I was becoming more and more convinced that the Moldavian language – so besmirched by the advocates of Russification – was not uglier than Russian and that abstract and elevated ideas could be expressed in the Moldavian language as well. I was starting to realize it was a beautiful language, I just needed to know it better.
I was also starting to feel sorry for the poor Moldavians, who were so mistreated by the temporary invaders and their collaborators.
Unfortunately, the national culture of the Moldovans was an impossible endeavor back in those days and under those particular circumstances.
Nonetheless, although stifled, the Moldavian spirit of the priests emerged whenever possible, even long before the Union. Thus, in 1905, once the tsarist oppression alleviated somewhat, priests such as Constantin Parfenie, Alexandru Istrati, Constantin Popovici, archimandrite Gurie Grosu [Magazin istoric, issue 3/1999], Ioan Bălteanu, Ioan Bivul and others stood up for their rights. They asked for and actually were granted the right to reopen the Moldavian printing works and the Moldavian language section at the Theological Seminar, while also establishing a similar section within the Eparchial School, etc.
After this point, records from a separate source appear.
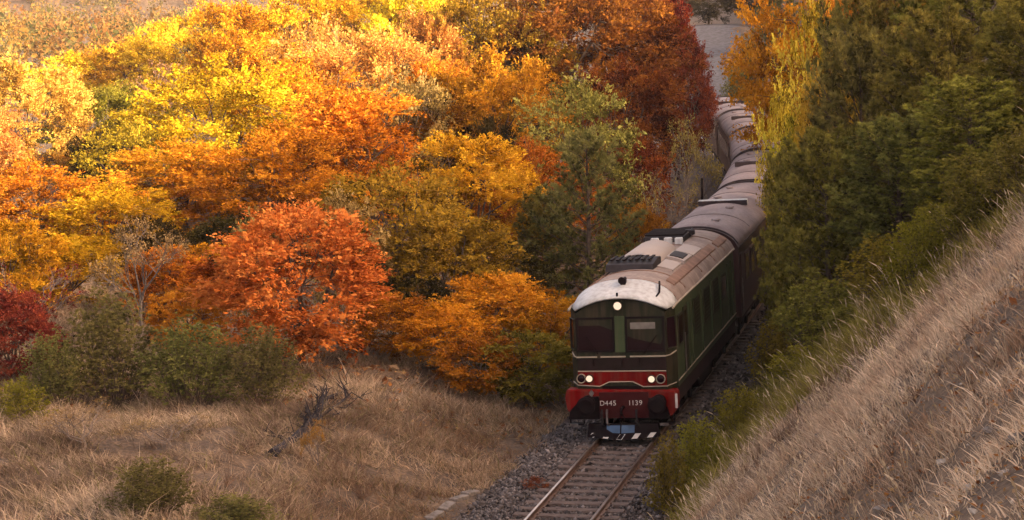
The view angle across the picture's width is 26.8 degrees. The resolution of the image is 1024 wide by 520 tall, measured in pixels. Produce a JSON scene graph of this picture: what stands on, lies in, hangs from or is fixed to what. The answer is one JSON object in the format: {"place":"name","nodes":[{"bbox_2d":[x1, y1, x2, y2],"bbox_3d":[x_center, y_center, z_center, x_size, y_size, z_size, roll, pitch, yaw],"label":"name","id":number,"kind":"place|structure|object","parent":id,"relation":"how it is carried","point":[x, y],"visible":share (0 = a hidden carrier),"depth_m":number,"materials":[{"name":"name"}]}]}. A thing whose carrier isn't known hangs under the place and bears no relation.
{"place":"outdoors","nodes":[
{"label":"outdoors","id":0,"kind":"place"},
{"bbox_2d":[0,0,1023,519],"bbox_3d":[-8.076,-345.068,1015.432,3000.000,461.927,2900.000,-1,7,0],"label":"ground","id":1,"kind":"structure","parent":0,"point":[240,462],"depth_m":51.30,"materials":[{"name":"brown soil"}]},
{"bbox_2d":[0,102,45,223],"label":"autumn tree","id":2,"kind":"object","parent":1,"relation":"on","point":[10,142],"visible":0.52,"depth_m":95.57,"materials":[{"name":"orange plant"}]},
{"bbox_2d":[0,375,58,421],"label":"juniper bush","id":3,"kind":"object","parent":1,"relation":"on","point":[16,392],"visible":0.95,"depth_m":55.69,"materials":[{"name":"green plant"}]},
{"bbox_2d":[0,283,69,381],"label":"autumn bush","id":4,"kind":"object","parent":1,"relation":"on","point":[29,311],"visible":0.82,"depth_m":60.07,"materials":[{"name":"red plant"}]},
{"bbox_2d":[0,213,72,311],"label":"autumn bush","id":5,"kind":"object","parent":1,"relation":"on","point":[57,243],"visible":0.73,"depth_m":72.15,"materials":[{"name":"orange plant"}]},
{"bbox_2d":[0,258,90,348],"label":"bare tree","id":6,"kind":"object","parent":1,"relation":"on","point":[54,284],"visible":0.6,"depth_m":67.39,"materials":[{"name":"brown plant"}]},
{"bbox_2d":[0,50,104,218],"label":"autumn tree","id":7,"kind":"object","parent":1,"relation":"on","point":[31,97],"visible":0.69,"depth_m":99.06,"materials":[{"name":"yellow plant"}]},
{"bbox_2d":[16,324,95,404],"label":"juniper bush","id":8,"kind":"object","parent":1,"relation":"on","point":[49,380],"visible":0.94,"depth_m":58.53,"materials":[{"name":"green plant"}]},
{"bbox_2d":[0,231,133,309],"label":"autumn bush","id":9,"kind":"object","parent":1,"relation":"on","point":[80,254],"visible":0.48,"depth_m":74.02,"materials":[{"name":"orange plant"}]},
{"bbox_2d":[6,50,129,122],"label":"autumn tree","id":10,"kind":"object","parent":1,"relation":"on","point":[67,59],"visible":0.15,"depth_m":148.97,"materials":[{"name":"yellow plant"}]},
{"bbox_2d":[0,157,154,252],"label":"autumn tree","id":11,"kind":"object","parent":1,"relation":"on","point":[13,186],"visible":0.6,"depth_m":82.94,"materials":[{"name":"orange plant"}]},
{"bbox_2d":[33,394,121,449],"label":"bare shrub","id":12,"kind":"object","parent":1,"relation":"on","point":[65,421],"visible":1,"depth_m":52.48,"materials":[{"name":"brown plant"}]},
{"bbox_2d":[56,121,146,224],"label":"undergrowth bush","id":13,"kind":"object","parent":1,"relation":"on","point":[76,165],"visible":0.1,"depth_m":96.53,"materials":[{"name":"yellow plant"}]},
{"bbox_2d":[30,75,181,174],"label":"autumn tree","id":14,"kind":"object","parent":1,"relation":"on","point":[111,97],"visible":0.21,"depth_m":108.76,"materials":[{"name":"yellow plant"}]},
{"bbox_2d":[41,281,172,408],"bbox_3d":[-11.061,2.332,59.664,3.969,3.420,3.945,-2,7,-4],"label":"juniper bush","id":15,"kind":"object","parent":1,"relation":"on","point":[100,361],"visible":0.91,"depth_m":59.36,"materials":[{"name":"green plant"}]},
{"bbox_2d":[30,177,190,266],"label":"autumn tree","id":16,"kind":"object","parent":1,"relation":"on","point":[120,204],"visible":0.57,"depth_m":81.44,"materials":[{"name":"yellow plant"}]},
{"bbox_2d":[61,109,179,232],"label":"sparse tree","id":17,"kind":"object","parent":1,"relation":"on","point":[135,137],"visible":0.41,"depth_m":93.94,"materials":[{"name":"yellow plant"}]},
{"bbox_2d":[67,35,185,123],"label":"autumn tree","id":18,"kind":"object","parent":1,"relation":"on","point":[107,57],"visible":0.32,"depth_m":149.25,"materials":[{"name":"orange plant"}]},
{"bbox_2d":[88,213,191,335],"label":"bare tree","id":19,"kind":"object","parent":1,"relation":"on","point":[110,264],"visible":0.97,"depth_m":69.96,"materials":[{"name":"brown plant"}]},
{"bbox_2d":[95,453,198,516],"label":"juniper bush","id":20,"kind":"object","parent":1,"relation":"on","point":[167,487],"visible":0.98,"depth_m":46.18,"materials":[{"name":"green plant"}]},
{"bbox_2d":[110,215,202,283],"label":"undergrowth bush","id":21,"kind":"object","parent":1,"relation":"on","point":[160,224],"visible":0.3,"depth_m":79.03,"materials":[{"name":"plant"}]},
{"bbox_2d":[116,242,216,326],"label":"autumn bush","id":22,"kind":"object","parent":1,"relation":"on","point":[174,274],"visible":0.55,"depth_m":71.99,"materials":[{"name":"orange plant"}]},
{"bbox_2d":[101,7,255,141],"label":"autumn tree","id":23,"kind":"object","parent":1,"relation":"on","point":[168,41],"visible":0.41,"depth_m":147.59,"materials":[{"name":"yellow plant"}]},
{"bbox_2d":[132,309,243,407],"bbox_3d":[-8.898,2.637,58.910,3.137,2.615,3.239,-4,8,-24],"label":"juniper bush","id":24,"kind":"object","parent":1,"relation":"on","point":[177,368],"visible":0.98,"depth_m":58.47,"materials":[{"name":"green plant"}]},
{"bbox_2d":[94,132,283,243],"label":"autumn tree","id":25,"kind":"object","parent":1,"relation":"on","point":[150,170],"visible":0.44,"depth_m":91.18,"materials":[{"name":"orange plant"}]},
{"bbox_2d":[143,283,242,348],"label":"autumn bush","id":26,"kind":"object","parent":1,"relation":"on","point":[157,312],"visible":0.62,"depth_m":66.23,"materials":[{"name":"orange plant"}]},
{"bbox_2d":[94,50,319,217],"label":"autumn tree","id":27,"kind":"object","parent":1,"relation":"on","point":[237,92],"visible":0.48,"depth_m":98.44,"materials":[{"name":"yellow plant"}]},
{"bbox_2d":[183,210,269,267],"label":"undergrowth bush","id":28,"kind":"object","parent":1,"relation":"on","point":[202,232],"visible":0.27,"depth_m":83.01,"materials":[{"name":"green plant"}]},
{"bbox_2d":[177,0,286,148],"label":"autumn tree","id":29,"kind":"object","parent":1,"relation":"on","point":[232,23],"visible":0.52,"depth_m":138.18,"materials":[{"name":"yellow plant"}]},
{"bbox_2d":[186,490,292,519],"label":"juniper bush","id":30,"kind":"object","parent":1,"relation":"on","point":[232,512],"visible":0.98,"depth_m":46.48,"materials":[{"name":"green plant"}]},
{"bbox_2d":[212,320,313,406],"bbox_3d":[-6.829,2.792,58.839,2.873,2.410,2.890,-2,7,-9],"label":"juniper bush","id":31,"kind":"object","parent":1,"relation":"on","point":[268,386],"visible":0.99,"depth_m":58.53,"materials":[{"name":"green plant"}]},
{"bbox_2d":[150,118,380,239],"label":"autumn tree","id":32,"kind":"object","parent":1,"relation":"on","point":[299,149],"visible":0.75,"depth_m":89.15,"materials":[{"name":"orange plant"}]},
{"bbox_2d":[205,50,365,195],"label":"autumn tree","id":33,"kind":"object","parent":1,"relation":"on","point":[302,88],"visible":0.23,"depth_m":105.06,"materials":[{"name":"orange plant"}]},
{"bbox_2d":[0,268,571,519],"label":"bank grass","id":34,"kind":"structure","parent":1,"relation":"on","point":[254,421],"depth_m":54.83,"materials":[{"name":"beige plant"}]},
{"bbox_2d":[177,192,396,366],"bbox_3d":[-6.411,0.839,64.347,6.968,5.777,7.509,-6,8,-34],"label":"autumn tree","id":35,"kind":"object","parent":1,"relation":"on","point":[244,256],"visible":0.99,"depth_m":62.96,"materials":[{"name":"orange plant"}]},
{"bbox_2d":[225,0,378,87],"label":"autumn tree","id":36,"kind":"object","parent":1,"relation":"on","point":[281,18],"visible":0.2,"depth_m":139.78,"materials":[{"name":"yellow plant"}]},
{"bbox_2d":[262,9,380,127],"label":"sparse tree","id":37,"kind":"object","parent":1,"relation":"on","point":[272,52],"visible":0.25,"depth_m":122.47,"materials":[{"name":"yellow plant"}]},
{"bbox_2d":[234,83,427,241],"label":"autumn tree","id":38,"kind":"object","parent":1,"relation":"on","point":[342,114],"visible":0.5,"depth_m":94.89,"materials":[{"name":"orange plant"}]},
{"bbox_2d":[0,0,693,85],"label":"wood","id":39,"kind":"object","parent":1,"relation":"on","point":[28,33],"visible":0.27,"depth_m":309.01,"materials":[{"name":"plant"}]},
{"bbox_2d":[300,181,394,323],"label":"sparse tree","id":40,"kind":"object","parent":1,"relation":"on","point":[351,207],"visible":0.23,"depth_m":71.22,"materials":[{"name":"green plant"}]},
{"bbox_2d":[276,22,455,167],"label":"autumn tree","id":41,"kind":"object","parent":1,"relation":"on","point":[332,58],"visible":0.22,"depth_m":108.98,"materials":[{"name":"orange plant"}]},
{"bbox_2d":[339,288,439,362],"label":"autumn bush","id":42,"kind":"object","parent":1,"relation":"on","point":[380,312],"visible":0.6,"depth_m":66.37,"materials":[{"name":"orange plant"}]},
{"bbox_2d":[310,155,479,287],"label":"sparse tree","id":43,"kind":"object","parent":1,"relation":"on","point":[380,186],"visible":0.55,"depth_m":73.17,"materials":[{"name":"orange plant"}]},
{"bbox_2d":[359,59,456,229],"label":"sparse tree","id":44,"kind":"object","parent":1,"relation":"on","point":[427,93],"visible":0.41,"depth_m":99.40,"materials":[{"name":"orange plant"}]},
{"bbox_2d":[348,54,473,206],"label":"autumn tree","id":45,"kind":"object","parent":1,"relation":"on","point":[416,71],"visible":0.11,"depth_m":105.35,"materials":[{"name":"orange plant"}]},
{"bbox_2d":[342,0,496,90],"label":"autumn tree","id":46,"kind":"object","parent":1,"relation":"on","point":[383,15],"visible":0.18,"depth_m":139.64,"materials":[{"name":"yellow plant"}]},
{"bbox_2d":[389,271,453,323],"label":"undergrowth bush","id":47,"kind":"object","parent":1,"relation":"on","point":[442,291],"visible":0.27,"depth_m":70.19,"materials":[{"name":"green plant"}]},
{"bbox_2d":[380,2,486,181],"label":"autumn tree","id":48,"kind":"object","parent":1,"relation":"on","point":[435,34],"visible":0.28,"depth_m":118.59,"materials":[{"name":"orange plant"}]},
{"bbox_2d":[386,300,499,366],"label":"autumn bush","id":49,"kind":"object","parent":1,"relation":"on","point":[422,330],"visible":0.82,"depth_m":65.08,"materials":[{"name":"orange plant"}]},
{"bbox_2d":[389,57,518,197],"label":"autumn tree","id":50,"kind":"object","parent":1,"relation":"on","point":[442,76],"visible":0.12,"depth_m":102.88,"materials":[{"name":"orange plant"}]},
{"bbox_2d":[377,209,533,305],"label":"autumn bush","id":51,"kind":"object","parent":1,"relation":"on","point":[443,244],"visible":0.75,"depth_m":71.84,"materials":[{"name":"yellow plant"}]},
{"bbox_2d":[427,326,524,394],"bbox_3d":[-0.941,3.208,63.467,2.958,2.277,3.563,-3,7,-11],"label":"autumn bush","id":52,"kind":"object","parent":1,"relation":"on","point":[449,352],"visible":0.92,"depth_m":63.24,"materials":[{"name":"orange plant"}]},
{"bbox_2d":[403,129,565,278],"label":"autumn tree","id":53,"kind":"object","parent":1,"relation":"on","point":[505,174],"visible":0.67,"depth_m":83.53,"materials":[{"name":"orange plant"}]},
{"bbox_2d":[423,267,570,346],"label":"autumn bush","id":54,"kind":"object","parent":1,"relation":"on","point":[509,288],"visible":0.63,"depth_m":67.81,"materials":[{"name":"orange plant"}]},
{"bbox_2d":[412,39,582,222],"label":"autumn tree","id":55,"kind":"object","parent":1,"relation":"on","point":[526,85],"visible":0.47,"depth_m":100.62,"materials":[{"name":"orange plant"}]},
{"bbox_2d":[421,0,580,127],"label":"autumn tree","id":56,"kind":"object","parent":1,"relation":"on","point":[463,12],"visible":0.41,"depth_m":119.36,"materials":[{"name":"orange plant"}]},
{"bbox_2d":[0,123,1023,519],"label":"dead weeds","id":57,"kind":"object","parent":1,"relation":"on","point":[780,433],"visible":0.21,"depth_m":48.06,"materials":[{"name":"brown plant"}]},
{"bbox_2d":[0,176,1023,519],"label":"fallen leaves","id":58,"kind":"object","parent":1,"relation":"on","point":[956,514],"depth_m":56.15,"materials":[{"name":"brown plant"}]},
{"bbox_2d":[469,240,563,311],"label":"undergrowth bush","id":59,"kind":"object","parent":1,"relation":"on","point":[535,272],"visible":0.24,"depth_m":76.27,"materials":[{"name":"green plant"}]},
{"bbox_2d":[468,328,573,406],"bbox_3d":[0.345,3.212,64.339,3.480,2.661,4.192,-4,8,-22],"label":"autumn bush","id":60,"kind":"object","parent":1,"relation":"on","point":[556,351],"visible":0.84,"depth_m":63.23,"materials":[{"name":"green plant"}]},
{"bbox_2d":[489,286,577,379],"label":"autumn bush","id":61,"kind":"object","parent":1,"relation":"on","point":[522,323],"visible":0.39,"depth_m":67.07,"materials":[{"name":"orange plant"}]},
{"bbox_2d":[471,135,616,259],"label":"autumn tree","id":62,"kind":"object","parent":1,"relation":"on","point":[538,152],"visible":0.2,"depth_m":87.48,"materials":[{"name":"orange plant"}]},
{"bbox_2d":[505,186,586,294],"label":"pine tree","id":63,"kind":"object","parent":1,"relation":"on","point":[550,242],"visible":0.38,"depth_m":82.00,"materials":[{"name":"green plant"}]},
{"bbox_2d":[466,0,681,143],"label":"autumn tree","id":64,"kind":"object","parent":1,"relation":"on","point":[610,11],"visible":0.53,"depth_m":120.57,"materials":[{"name":"orange plant"}]},
{"bbox_2d":[510,64,651,245],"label":"sparse tree","id":65,"kind":"object","parent":1,"relation":"on","point":[594,101],"visible":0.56,"depth_m":95.58,"materials":[{"name":"green plant"}]},
{"bbox_2d":[524,125,647,303],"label":"pine tree","id":66,"kind":"object","parent":1,"relation":"on","point":[575,160],"visible":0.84,"depth_m":79.97,"materials":[{"name":"green plant"}]},
{"bbox_2d":[468,142,771,519],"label":"ballast bed","id":67,"kind":"object","parent":1,"relation":"on","point":[709,193],"visible":0.11,"depth_m":61.85,"materials":[{"name":"grey gravel"}]},
{"bbox_2d":[452,282,808,519],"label":"ballast stones","id":68,"kind":"object","parent":67,"relation":"on","point":[505,483],"visible":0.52,"depth_m":55.54,"materials":[{"name":"grey gravel"}]},
{"bbox_2d":[508,138,766,519],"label":"railway track","id":69,"kind":"structure","parent":67,"relation":"on","point":[687,407],"depth_m":54.68,"materials":[{"name":"metal"}]},
{"bbox_2d":[565,228,736,439],"bbox_3d":[4.335,1.816,63.703,3.070,4.490,13.925,-2,7,13],"label":"locomotive","id":70,"kind":"object","parent":69,"relation":"on","point":[652,318],"visible":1,"depth_m":57.80,"materials":[{"name":"metal"}]},
{"bbox_2d":[672,181,782,343],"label":"passenger coach","id":71,"kind":"object","parent":69,"relation":"on","point":[734,214],"visible":0.46,"depth_m":74.85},
{"bbox_2d":[717,109,754,172],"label":"passenger coach","id":72,"kind":"object","parent":69,"relation":"on","point":[727,120],"visible":0.38,"depth_m":131.25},
{"bbox_2d":[718,149,786,225],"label":"passenger coach","id":73,"kind":"object","parent":69,"relation":"on","point":[742,167],"visible":0.14,"depth_m":95.05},
{"bbox_2d":[540,0,712,148],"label":"autumn tree","id":74,"kind":"object","parent":1,"relation":"on","point":[669,28],"visible":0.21,"depth_m":125.67,"materials":[{"name":"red plant"}]},
{"bbox_2d":[545,51,712,200],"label":"autumn tree","id":75,"kind":"object","parent":1,"relation":"on","point":[655,126],"visible":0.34,"depth_m":106.84,"materials":[{"name":"red plant"}]},
{"bbox_2d":[591,194,674,258],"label":"autumn tree","id":76,"kind":"object","parent":1,"relation":"on","point":[652,221],"visible":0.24,"depth_m":82.25,"materials":[{"name":"orange plant"}]},
{"bbox_2d":[606,133,677,243],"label":"sparse tree","id":77,"kind":"object","parent":1,"relation":"on","point":[649,167],"visible":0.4,"depth_m":97.91,"materials":[{"name":"green plant"}]},
{"bbox_2d":[640,430,693,518],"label":"green shrub","id":78,"kind":"object","parent":1,"relation":"on","point":[667,477],"visible":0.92,"depth_m":50.39,"materials":[{"name":"green plant"}]},
{"bbox_2d":[639,0,716,182],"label":"autumn tree","id":79,"kind":"object","parent":1,"relation":"on","point":[678,12],"visible":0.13,"depth_m":138.61,"materials":[{"name":"red plant"}]},
{"bbox_2d":[657,23,722,180],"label":"autumn tree","id":80,"kind":"object","parent":1,"relation":"on","point":[699,78],"visible":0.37,"depth_m":137.19,"materials":[{"name":"red plant"}]},
{"bbox_2d":[665,113,725,214],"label":"bare shrub","id":81,"kind":"object","parent":1,"relation":"on","point":[696,160],"visible":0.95,"depth_m":100.08,"materials":[{"name":"brown plant"}]},
{"bbox_2d":[671,410,725,487],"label":"green shrub","id":82,"kind":"object","parent":1,"relation":"on","point":[693,454],"visible":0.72,"depth_m":51.78,"materials":[{"name":"green plant"}]},
{"bbox_2d":[710,381,768,439],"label":"green shrub","id":83,"kind":"object","parent":1,"relation":"on","point":[740,412],"visible":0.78,"depth_m":53.76,"materials":[{"name":"green plant"}]},
{"bbox_2d":[743,317,794,386],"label":"green shrub","id":84,"kind":"object","parent":1,"relation":"on","point":[773,343],"visible":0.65,"depth_m":60.64,"materials":[{"name":"green plant"}]},
{"bbox_2d":[746,67,805,272],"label":"yellow tree","id":85,"kind":"object","parent":1,"relation":"on","point":[780,109],"visible":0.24,"depth_m":80.00,"materials":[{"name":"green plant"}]},
{"bbox_2d":[717,0,850,150],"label":"autumn tree","id":86,"kind":"object","parent":1,"relation":"on","point":[759,69],"visible":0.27,"depth_m":103.52,"materials":[{"name":"orange plant"}]},
{"bbox_2d":[756,342,817,381],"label":"green shrub","id":87,"kind":"object","parent":1,"relation":"on","point":[784,368],"visible":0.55,"depth_m":54.67,"materials":[{"name":"green plant"}]},
{"bbox_2d":[751,142,831,338],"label":"pine tree","id":88,"kind":"object","parent":1,"relation":"on","point":[772,218],"visible":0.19,"depth_m":68.41,"materials":[{"name":"green plant"}]},
{"bbox_2d":[767,0,844,150],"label":"yellow tree","id":89,"kind":"object","parent":1,"relation":"on","point":[808,26],"visible":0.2,"depth_m":83.58,"materials":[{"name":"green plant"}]},
{"bbox_2d":[766,268,859,350],"bbox_3d":[7.993,1.293,56.732,2.903,2.190,2.997,-8,10,-43],"label":"green shrub","id":90,"kind":"object","parent":1,"relation":"on","point":[812,307],"visible":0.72,"depth_m":56.41,"materials":[{"name":"green plant"}]},
{"bbox_2d":[757,119,894,325],"bbox_3d":[8.999,-0.824,61.379,3.959,6.357,3.875,-7,9,-37],"label":"pine tree","id":91,"kind":"object","parent":1,"relation":"on","point":[827,150],"visible":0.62,"depth_m":60.90,"materials":[{"name":"green plant"}]},
{"bbox_2d":[791,49,863,285],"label":"yellow tree","id":92,"kind":"object","parent":1,"relation":"on","point":[803,121],"visible":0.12,"depth_m":69.84,"materials":[{"name":"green plant"}]},
{"bbox_2d":[644,107,1023,519],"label":"slope grass","id":93,"kind":"structure","parent":1,"relation":"on","point":[920,316],"depth_m":34.84,"materials":[{"name":"beige plant"}]},
{"bbox_2d":[804,0,867,279],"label":"pine tree","id":94,"kind":"object","parent":1,"relation":"on","point":[828,28],"visible":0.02,"depth_m":75.56,"materials":[{"name":"green plant"}]},
{"bbox_2d":[792,26,919,276],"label":"pine tree","id":95,"kind":"object","parent":1,"relation":"on","point":[850,64],"visible":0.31,"depth_m":65.42,"materials":[{"name":"green plant"}]},
{"bbox_2d":[827,233,910,299],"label":"green shrub","id":96,"kind":"object","parent":1,"relation":"on","point":[866,277],"visible":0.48,"depth_m":52.31,"materials":[{"name":"green plant"}]},
{"bbox_2d":[821,112,960,258],"bbox_3d":[10.584,-1.848,59.249,4.294,4.466,4.150,3,8,30],"label":"pine tree","id":97,"kind":"object","parent":1,"relation":"on","point":[893,133],"visible":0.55,"depth_m":58.88,"materials":[{"name":"green plant"}]},
{"bbox_2d":[826,0,967,214],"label":"pine tree","id":98,"kind":"object","parent":1,"relation":"on","point":[868,10],"visible":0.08,"depth_m":70.90,"materials":[{"name":"green plant"}]},
{"bbox_2d":[877,210,958,295],"bbox_3d":[8.995,-0.162,47.252,1.801,1.955,1.859,-2,7,-4],"label":"green shrub","id":99,"kind":"object","parent":1,"relation":"on","point":[910,265],"visible":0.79,"depth_m":47.20,"materials":[{"name":"green plant"}]},
{"bbox_2d":[866,0,1002,216],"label":"pine tree","id":100,"kind":"object","parent":1,"relation":"on","point":[908,59],"visible":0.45,"depth_m":61.29,"materials":[{"name":"green plant"}]},
{"bbox_2d":[885,0,1023,158],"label":"pine tree","id":101,"kind":"object","parent":1,"relation":"on","point":[974,14],"visible":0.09,"depth_m":64.84,"materials":[{"name":"green plant"}]},
{"bbox_2d":[894,72,1023,203],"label":"pine tree","id":102,"kind":"object","parent":1,"relation":"on","point":[949,100],"visible":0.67,"depth_m":55.57,"materials":[{"name":"green plant"}]},
{"bbox_2d":[918,138,1018,242],"bbox_3d":[10.144,-1.505,46.081,2.384,2.277,2.462,-7,9,-40],"label":"green shrub","id":103,"kind":"object","parent":1,"relation":"on","point":[964,210],"visible":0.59,"depth_m":45.93,"materials":[{"name":"green plant"}]},
{"bbox_2d":[957,0,1023,135],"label":"pine tree","id":104,"kind":"object","parent":1,"relation":"on","point":[1002,57],"visible":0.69,"depth_m":57.44,"materials":[{"name":"green plant"}]},
{"bbox_2d":[958,120,1023,199],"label":"green shrub","id":105,"kind":"object","parent":1,"relation":"on","point":[1010,148],"visible":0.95,"depth_m":44.01,"materials":[{"name":"green plant"}]},
{"bbox_2d":[686,24,741,138],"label":"gravel road","id":106,"kind":"structure","parent":0,"point":[717,38],"depth_m":238.25,"materials":[{"name":"grey gravel"}]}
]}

In 1917, immediately after the collapse of the tsarist regime, my fellow priests were among the first local organizations and brotherhoods to engage in the most commendable and honorable undertaking: asking that Bessarabia be granted national autonomy, church autonomy, while also appointing a Moldavian metropolitan bishop at the helm of the Bessarabian Church, etc.
On 20 March 1918, priest A. Baltaga – who was the representative of all priests in the Parliamentary Assembly – overtly and unwaveringly declared himself in favor of the Union. It was no coincidence that former graduates of the Theological Seminar were among the prominent figures of the national and unionist movement of 1917-1918.